L. Elizabeth Goldman, MD, and members of the Breast Cancer Surveillance Consortium put facilities under the microscope in another study that examined the timeliness of follow-up to abnormal findings at mammography facilities that serve vulnerable women. Their study, published April 2013 in Managed Care, focused on Medicare beneficiaries at 142 facilities with patient populations that included women who hadn’t finished high school, were low-income minorities or rural. They found wide variability in timeliness and rates of return.
"There are likely differences in practice patterns to account for the variability in the 2013 Medical Care article, but our study could not say what is happening in these facilities to make these differences." says Goldman, also of the University of California San Francisco.
Goldman describes this gap as a black box. The answers may include appropriate staffing, environment, tracking protocols, communication processes and quality care. As a follow-up study, Goldman and colleagues intend to examine quality measures such as accuracy of interpretations as well as timeliness. “The challenge is to apply these types of systems appropriately so there is not unnecessary overreading or recalling women when they don’t need a biopsy,” she says. “It is a kind of a balance.”

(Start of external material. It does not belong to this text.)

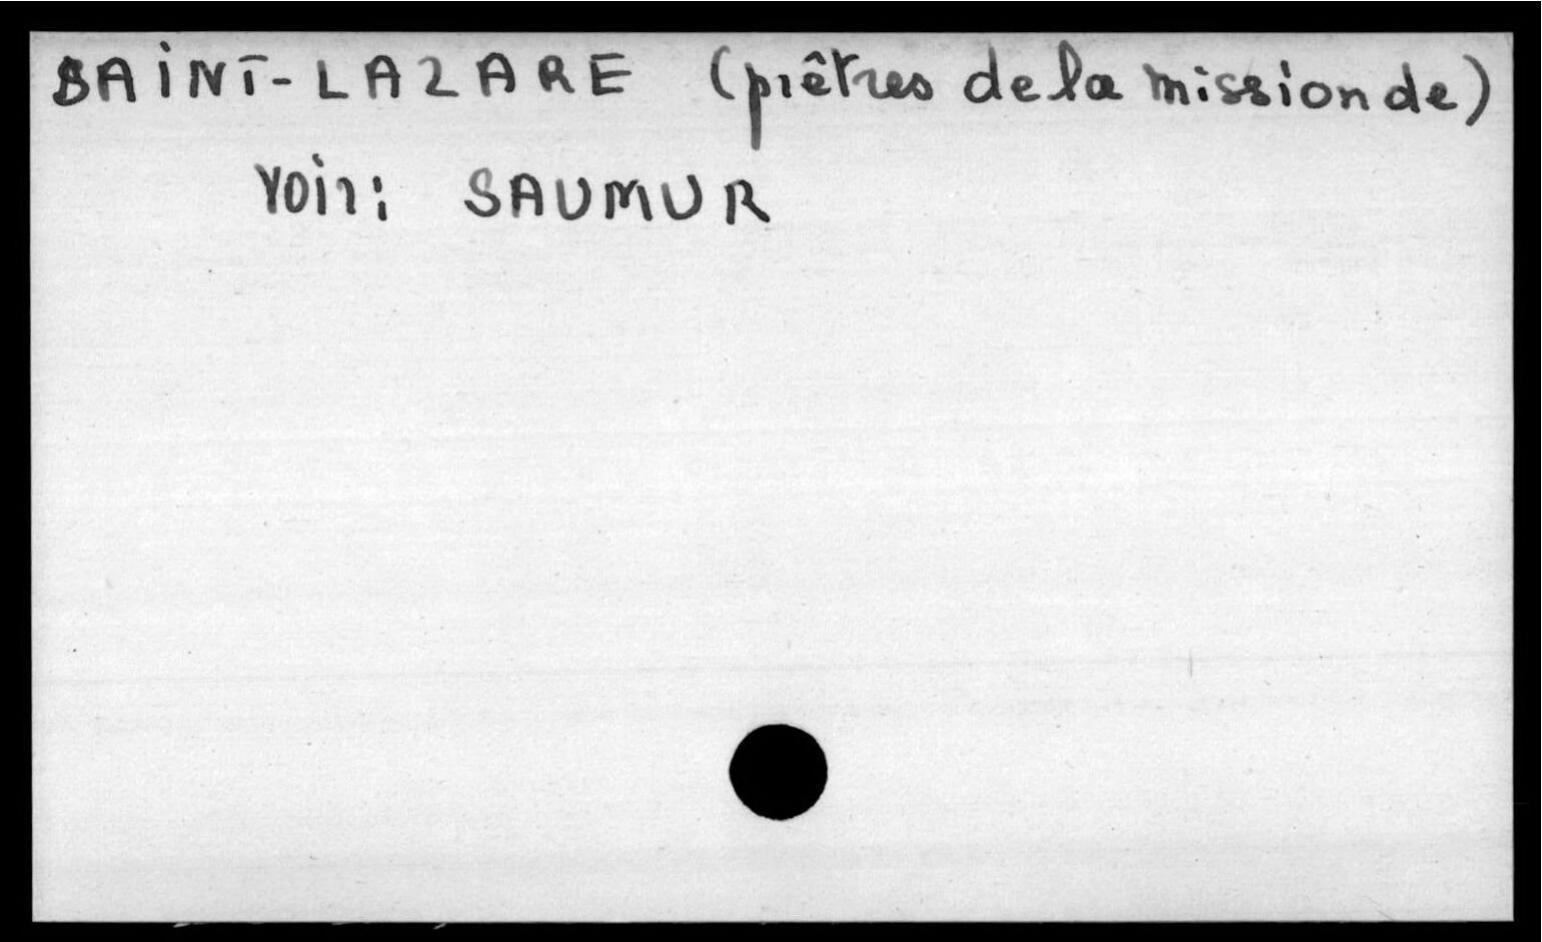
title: SAINT-LAZARE (prêtres de la mission de) Voir : SAUMUR

Every step of the process—getting underserved women in the door, ensuring a positive experience during and after screening and convincing them to return for diagnostic tests or routine screening—offers an opportunity to improve outcomes, the researchers agree. To succeed, facilities need to identify patient populations that may fall through the cracks, recognize challenges and design foolproof systems customized for patients.
“Just being willing to think about that issue and examine it is really important,” Karliner says.
Oppong adds the need to drill home the fundamentals. “We have to stress that mammography works by following up on [changes over time],” Oppong says. “[Women] should not go for long periods of time without getting screened.”